Last night, one ventured forth with two goals; first: get a decent night shot showing as much of the Greenpoint Avenue Bridge as I could get into frame, second: try and get some equally nocturnal shots of the trains moving around on the Queens side in Blissville. While I was shooting the former, the GPA Bridge suddenly opened to allow a tug and barge through, which is how I got those light streaks in the shot above – they’re the running lights of the tug. Yay.

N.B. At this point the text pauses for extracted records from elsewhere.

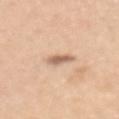Image and clinical context: Cropped from a total-body skin-imaging series; the visible field is about 15 mm. The total-body-photography lesion software estimated an outline eccentricity of about 0.75 (0 = round, 1 = elongated) and a shape-asymmetry score of about 0.2 (0 = symmetric). The analysis additionally found roughly 13 lightness units darker than nearby skin. It also reported a border-irregularity rating of about 2.5/10, a within-lesion color-variation index near 2/10, and a peripheral color-asymmetry measure near 0.5. The software also gave a classifier nevus-likeness of about 50/100. Located on the mid back. A female patient, in their mid- to late 40s. The lesion's longest dimension is about 2.5 mm. Imaged with white-light lighting.
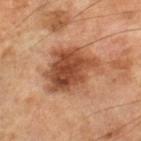Recorded during total-body skin imaging; not selected for excision or biopsy. Cropped from a whole-body photographic skin survey; the tile spans about 15 mm. Automated image analysis of the tile measured an area of roughly 24 mm² and a shape-asymmetry score of about 0.3 (0 = symmetric). The software also gave an automated nevus-likeness rating near 70 out of 100 and lesion-presence confidence of about 100/100. A male patient approximately 65 years of age. On the leg.
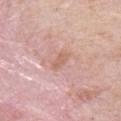imaging modality: ~15 mm tile from a whole-body skin photo
subject: male, in their 40s
site: the chest
automated lesion analysis: a lesion color around L≈62 a*≈23 b*≈27 in CIELAB and about 7 CIELAB-L* units darker than the surrounding skin; border irregularity of about 2 on a 0–10 scale, internal color variation of about 1 on a 0–10 scale, and peripheral color asymmetry of about 0; a nevus-likeness score of about 0/100 and a detector confidence of about 100 out of 100 that the crop contains a lesion
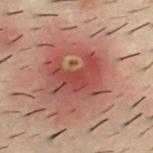The lesion was photographed on a routine skin check and not biopsied; there is no pathology result. From the chest. The recorded lesion diameter is about 5.5 mm. A male subject in their 30s. An algorithmic analysis of the crop reported an area of roughly 16 mm² and an eccentricity of roughly 0.75. It also reported a lesion color around L≈37 a*≈25 b*≈22 in CIELAB, about 8 CIELAB-L* units darker than the surrounding skin, and a normalized lesion–skin contrast near 6.5. It also reported a classifier nevus-likeness of about 0/100 and a detector confidence of about 100 out of 100 that the crop contains a lesion. A 15 mm close-up tile from a total-body photography series done for melanoma screening.
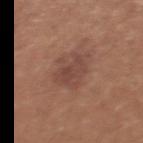Clinical impression:
The lesion was photographed on a routine skin check and not biopsied; there is no pathology result.
Background:
Located on the chest. A 15 mm close-up tile from a total-body photography series done for melanoma screening. The lesion's longest dimension is about 4 mm. A female patient, aged 33–37. Imaged with white-light lighting.
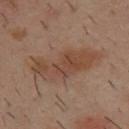A 15 mm close-up extracted from a 3D total-body photography capture. The lesion is on the upper back. A male patient aged approximately 40.
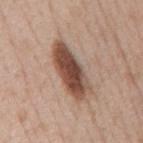Recorded during total-body skin imaging; not selected for excision or biopsy. On the mid back. Captured under white-light illumination. A male subject aged 48–52. A lesion tile, about 15 mm wide, cut from a 3D total-body photograph. The lesion's longest dimension is about 7 mm.

By the time I got to the Queens side, the railroad guys seemed to have done all the moving stuff around they needed to do for a while, but I hung around for about 45 minutes and waved the camera and tripod around at a few things.

– photo by Mitch Waxman

Before you ask, this spot in DUGABO is likely not where Amazon is going to base itself. A humble narrator received several phone calls about the subject yesterday, but I’m as clueless as to that tale as everyone who is not Gubernatorial staff is. The ways of the Dark Prince of Albany are subtle, and manifest in secret. Do not try to peer too deeply at the abyss that the Dark Prince dwells within, for he may notice and fix his gaze upon you. When the Dark Prince reveals his intentions, the children will rejoice, but prior to that only lament will be theirs and ours.

Seriously, not a clue. I’m reading the papers too, that’s all I’ve got. I also have no opinion on “good or bad” yet, since I have no information at all to work with. I’ve asked around as well, and have received a universal “dunno.”

– photo by Mitch Waxman

On my way home, this odd little monument to workplace safety was encountered in Blissville in front of the world’s largest Fortune Cookie Bakery, a distinction which Long Island City has long enjoyed being the home of.